To start we shared the mixed grill, a platter of sizzling lamb chops, seekh kebabs, chicken tikka and grilled onions. While I’m not sure these were the best incarnations of the classic that I have had - the lamb chops particularly lacking the requisite fat and char ratio - they possessed a pleasingly fierce chilli kick that went well with the sweet yoghurt and mint dip that had appeared with our plate of poppadums.

Since our previous trip to Tayyabs had been marred slightly by Stealth claiming she had been struck by a gastric ulcer, before lying sweating in the corridor by the loos (never a dull moment) I took this opportunity to reorder the stalwarts, plus the pumpkin, that we had been too stuffed to order before. There was also a buttery nan for me that was mostly eaten by Stealth (no, no, I don't want one, really) plus two roti that were mostly eaten by Stealth, too.

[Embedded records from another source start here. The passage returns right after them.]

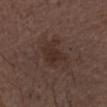workup: imaged on a skin check; not biopsied | lighting: white-light illumination | size: ≈3.5 mm | imaging modality: 15 mm crop, total-body photography | patient: male, in their mid-70s | location: the head or neck | automated metrics: a footprint of about 8.5 mm², a shape eccentricity near 0.45, and two-axis asymmetry of about 0.3; a mean CIELAB color near L≈29 a*≈15 b*≈21, roughly 6 lightness units darker than nearby skin, and a normalized border contrast of about 6.5; border irregularity of about 3.5 on a 0–10 scale, a color-variation rating of about 2/10, and peripheral color asymmetry of about 0.5; a lesion-detection confidence of about 100/100.
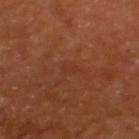Recorded during total-body skin imaging; not selected for excision or biopsy.
Captured under cross-polarized illumination.
The patient is a female aged 48–52.
About 2 mm across.
Located on the upper back.
A roughly 15 mm field-of-view crop from a total-body skin photograph.
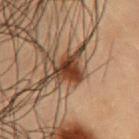{
  "biopsy_status": "not biopsied; imaged during a skin examination",
  "lighting": "cross-polarized",
  "lesion_size": {
    "long_diameter_mm_approx": 3.0
  },
  "image": {
    "source": "total-body photography crop",
    "field_of_view_mm": 15
  },
  "site": "chest",
  "automated_metrics": {
    "cielab_L": 29,
    "cielab_a": 19,
    "cielab_b": 26,
    "vs_skin_darker_L": 13.0,
    "vs_skin_contrast_norm": 12.5,
    "border_irregularity_0_10": 4.5,
    "color_variation_0_10": 4.0,
    "peripheral_color_asymmetry": 1.5
  },
  "patient": {
    "sex": "male",
    "age_approx": 55
  }
}

Firstly we have the worst picture (not a single effort to capture this was in focus) of the best dish, the fabled dry meat. Never has a moniker been less appealing and, thankfully, less deserved, the ‘dry’ describing the lack of gravy rather than the texture of the dish itself, reminding me of a rendang, with soft shreds of sticky mutton in a thickly reduced and well-spiced sauce.

Accompanying were two vegetable choices.  The first was the Dal Baingan, a mixture of nutty lentils and smoky baby aubergine – although I notice singular, rather than the two we were served at Tayyabs. The consistency of lentils was also slightly looser. 

We also tried the Punjabi Tinda, or baby pumpkin, curry, with a pleasingly grown up sweet and sour flavour and, again, lashings of ghee (in case you fear veggies are actually good for you).

Overall I’d pick the dry meat at Needoo and the grilled meat at Tayyabs, but I’d give either a firm recommendation (the Karahi Ghost at Lahore Kebab House also deserves a mention) without much hesitation. 

Going at an off peak time, we arrived at about half five on a Sunday evening, also means  less hurrying and harrying by the waiter, who graciously lent us their bottle openers and provided jugs of iced water long after we had finished our main meals.

As always after a curry, pudding was a stretch too far. We had, however, bought Stealth a present, in the form of a Cinnamon Tree Bakery biscuit from our visit to Wapping market, to nibble on later.

In fact both Stealth’s gingerbread elephant and the Ewing’s shortbread owl were most appropriate, forming the first instalment of a new series ‘owners who looked like their baked goods’ - even featuring the adoption of an cigarette trunk for extra added likeness.  

A cheering Sunday night scene of friend swapping biscuits (Stealth bought us some earless rabbits lovingly baked by our friends Claire and Kam) and certainly one that was worth missing the traditional joint of British beef and golden heap of roasties for.